● **TASK INSTRUCTIONS**:
Verbatim output of the lines below is required, with the images omitted.

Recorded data

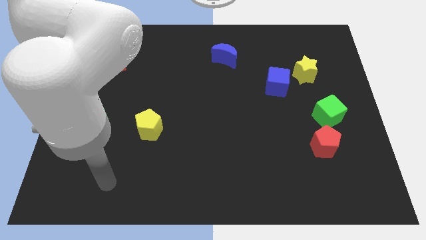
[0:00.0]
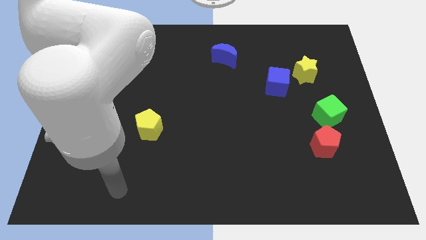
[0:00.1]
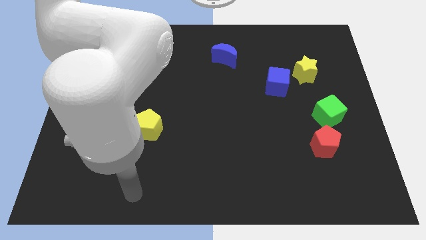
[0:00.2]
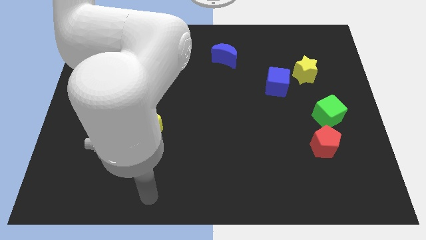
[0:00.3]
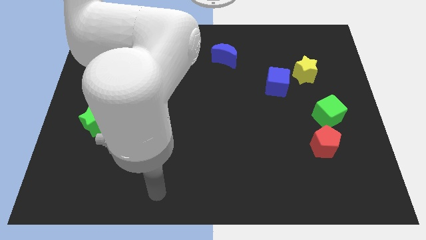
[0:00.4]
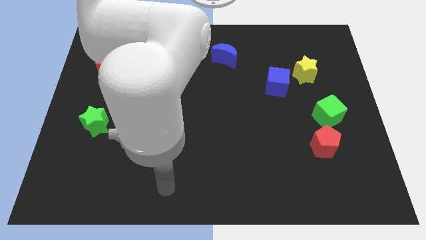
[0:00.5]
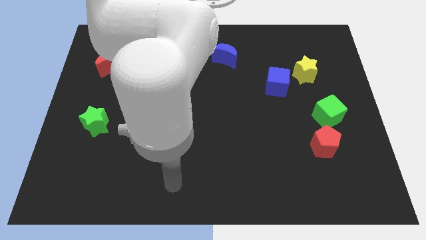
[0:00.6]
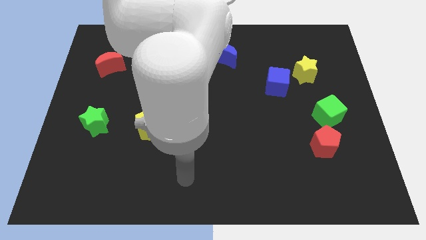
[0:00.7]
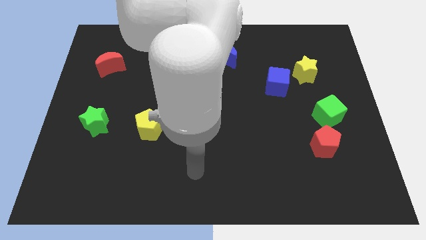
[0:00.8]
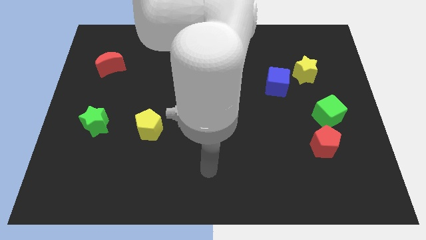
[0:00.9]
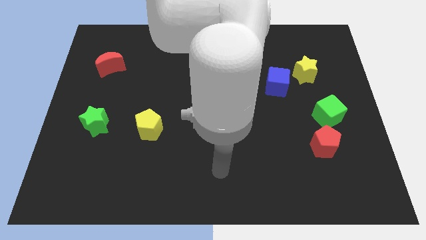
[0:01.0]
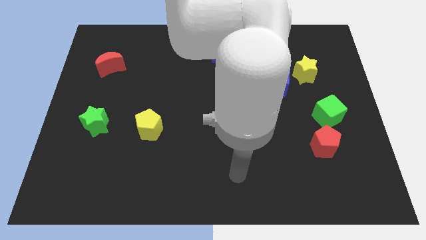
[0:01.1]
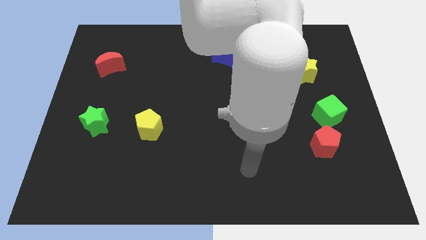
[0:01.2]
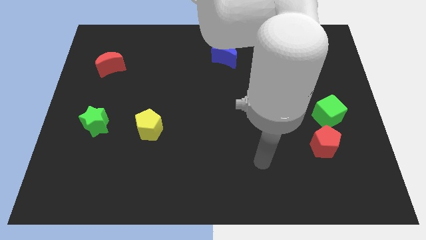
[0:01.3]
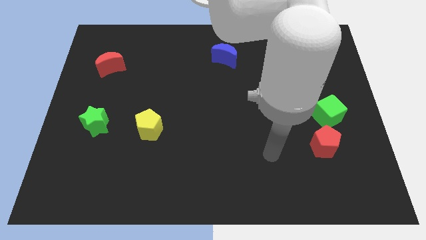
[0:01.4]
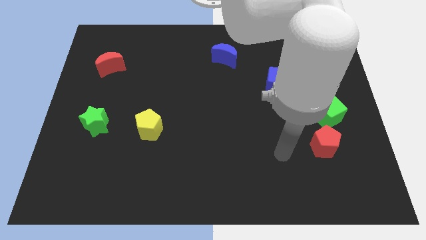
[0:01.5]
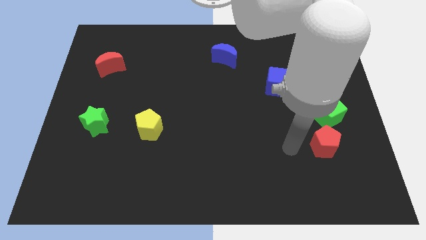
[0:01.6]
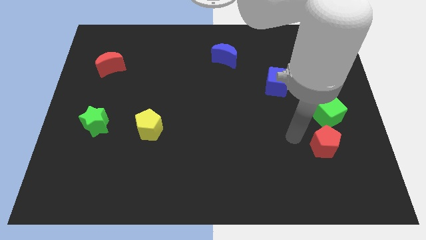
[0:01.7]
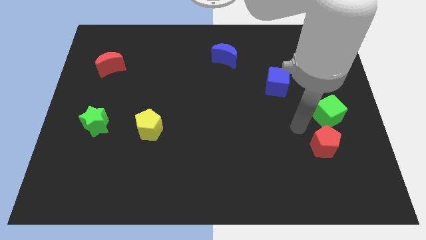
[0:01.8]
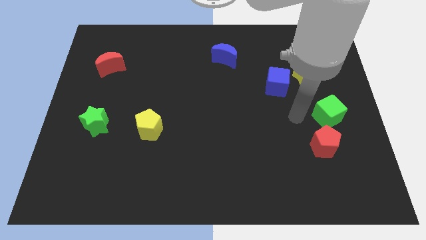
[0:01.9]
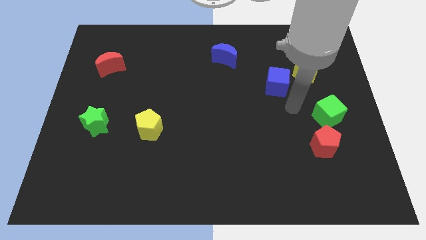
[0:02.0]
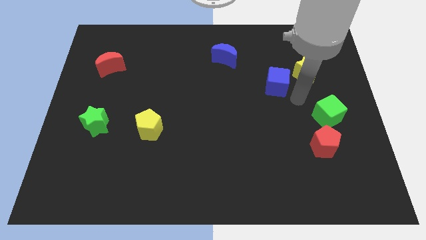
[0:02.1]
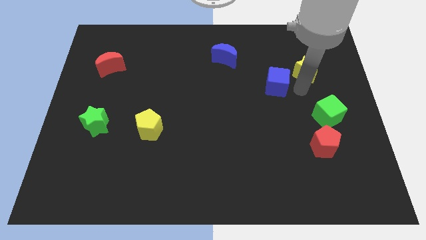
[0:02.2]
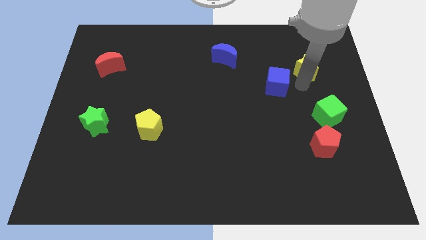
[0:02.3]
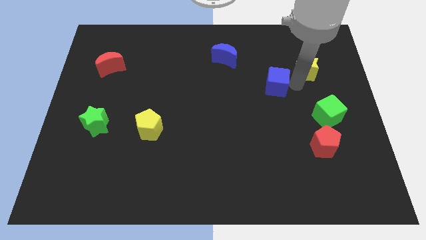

● **SOLUTION FOR THIS PROBLEM**:
[0:00.0]
[0:00.1]
[0:00.2]
[0:00.3]
[0:00.4]
[0:00.5]
[0:00.6]
[0:00.7]
[0:00.8]
[0:00.9]
[0:01.0]
[0:01.1]
[0:01.2]
[0:01.3]
[0:01.4]
[0:01.5]
[0:01.6]
[0:01.7]
[0:01.8]
[0:01.9]
[0:02.0]
[0:02.1]
[0:02.2]
[0:02.3]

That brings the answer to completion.